This guide will equip you with the knowledge and strategies to confidently invest in REITs in 2025.

Table of Contents

What is a REIT?

REIT Trading: Buying and selling REITs

Types of REITs and how to invest in them

Making money with REITs

How to choose the best REIT for you

Benefits of investing in REIT

Cons of investing in REIT

REIT risks vs rewards

5 REITs to buy in 2025

Tips on starting to invest in REITs

How much to invest

FAQs | Final Thoughts

What is a REIT?

Real Estate Investment Trusts, or REITs, are companies that own real estate. It's typically commercial real estate they own, and many companies own them and run them too. Commercial real estate properties are typically income producing real estate that pays individual investors dividend income in the form of rental income or mortgage interest, depending on the type of REIT chosen.

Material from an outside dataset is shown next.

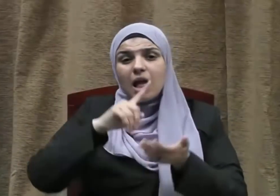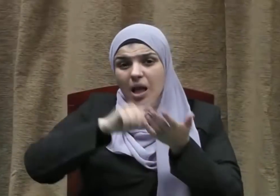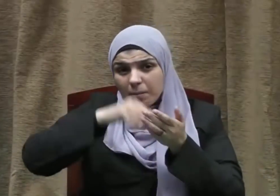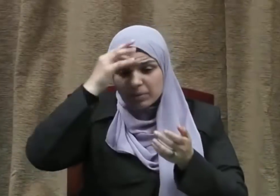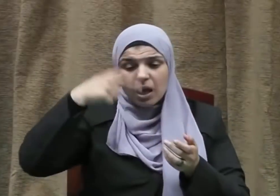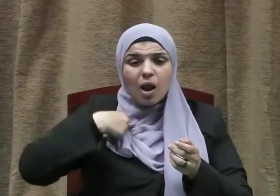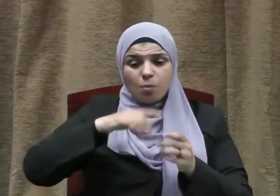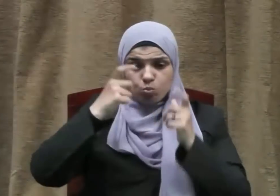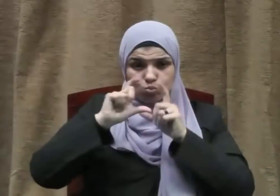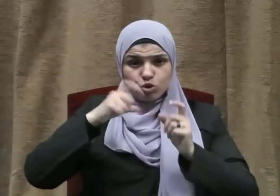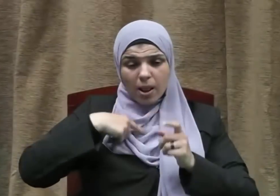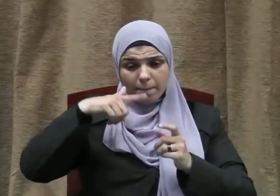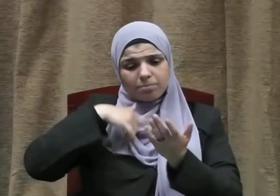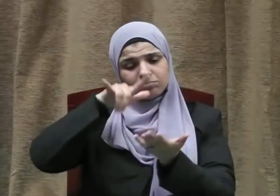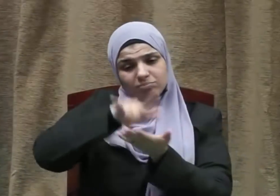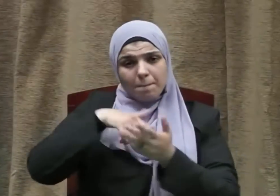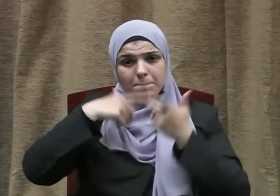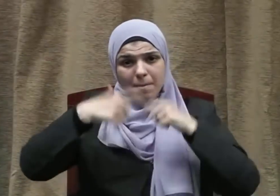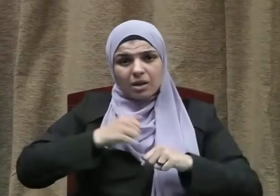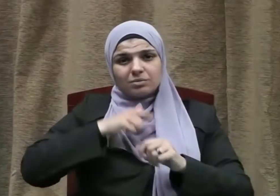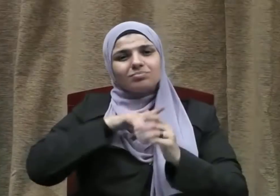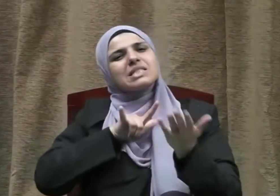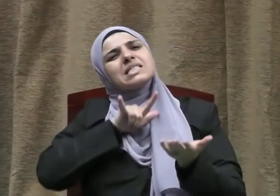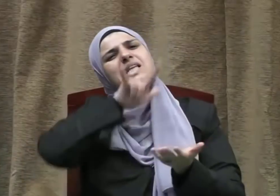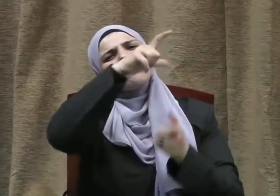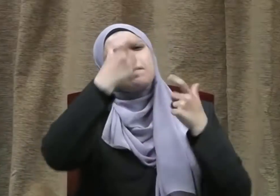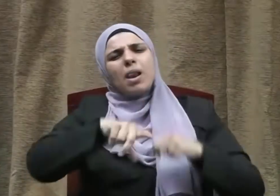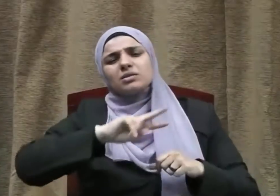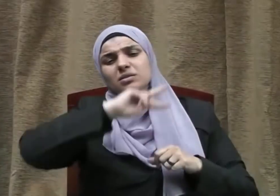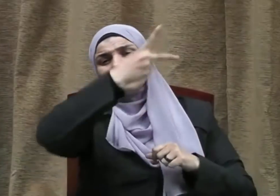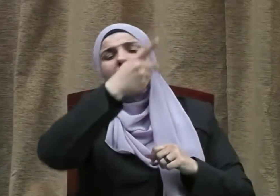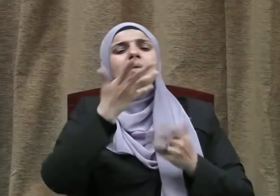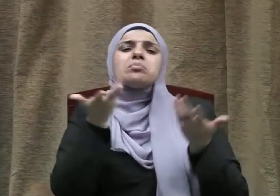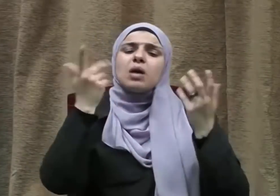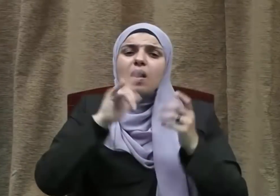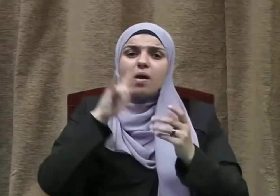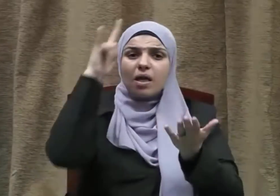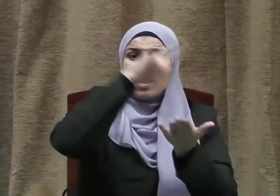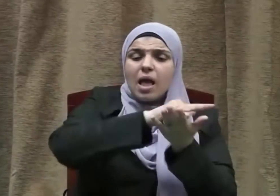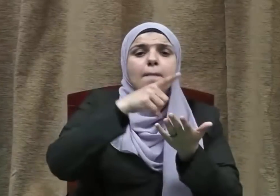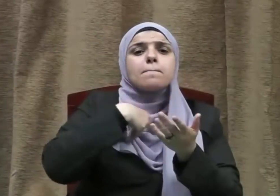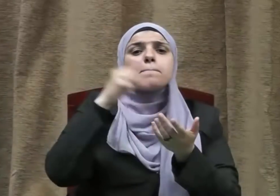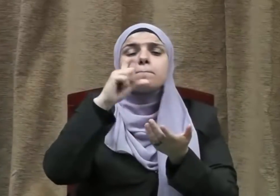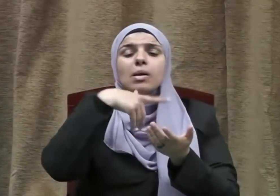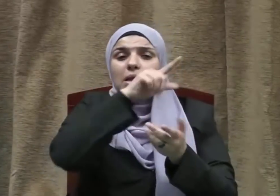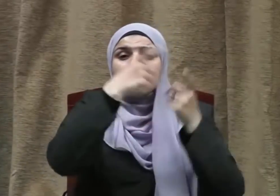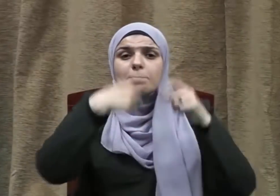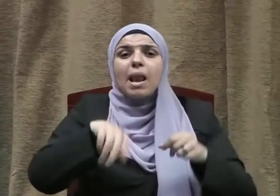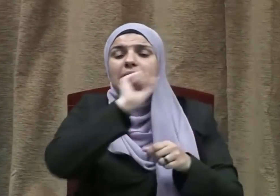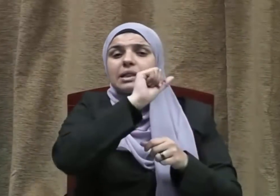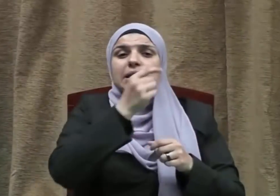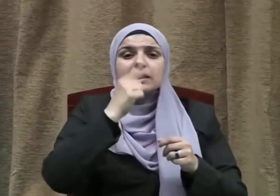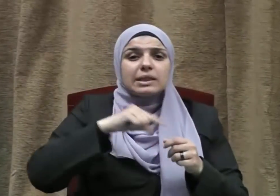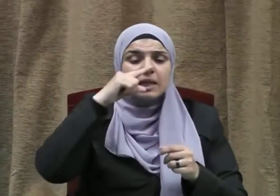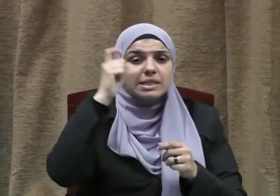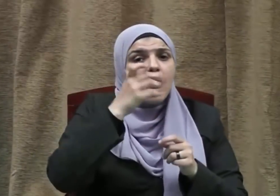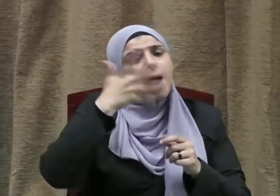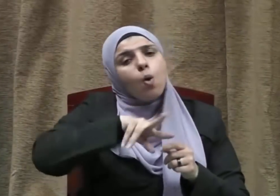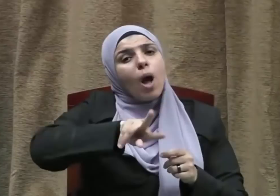غيرها فإذا انتقل المسلم إلى بلد آخر سواء أكان من بلاد المسلمين

To qualify as a REIT, companies must:

  • Invest 75% or more of their cash and assets in real estate
  • Have at least 75% of their income come from real estate
  • Return at least 90% of their profits to shareholders as dividend income
  • Not have five or fewer investors own more than 50% of the property shares

REIT Trading: Buying and selling REITs

Understanding the REIT's trading status is crucial because it affects how you can buy and sell individual REITs and how long you might need to hold onto them based on their liquidity. You can invest in a publicly traded REIT by buying shares listed on a major stock exchange through a broker. For non-traded REITs, shares can be acquired through a broker participating in the REIT’s offering. Alternatively, you can invest in a REIT mutual fund or exchange-traded fund (ETF) that holds REIT shares.

Publicly-traded REIT

Public REITs are traded on the standard stock exchanges, and governed by the SEC. Anyone can buy or sell them during regular trading hours. As a result, they are typically more transparent than other asset classes, and they are much more liquid since there is a secondary market ready to buy REITs at any time.

Public non-traded REIT

Public non traded REITs are also governed by the SEC, but they aren't nearly as liquid. There isn't a secondary market ready to buy the investments at any given moment. So you could be tied up in the investment for many years. Public non-listed REITs often have valuation delays, as it can take over a year to get a true value.

Private REIT

Private REITs are the riskiest of the three options because they aren't registered with the SEC, and they are even more difficult to value. Since there isn't a market waiting to buy them off investors, your capital is often tied up for more extended periods, and the risk of loss is much higher without the SEC registration.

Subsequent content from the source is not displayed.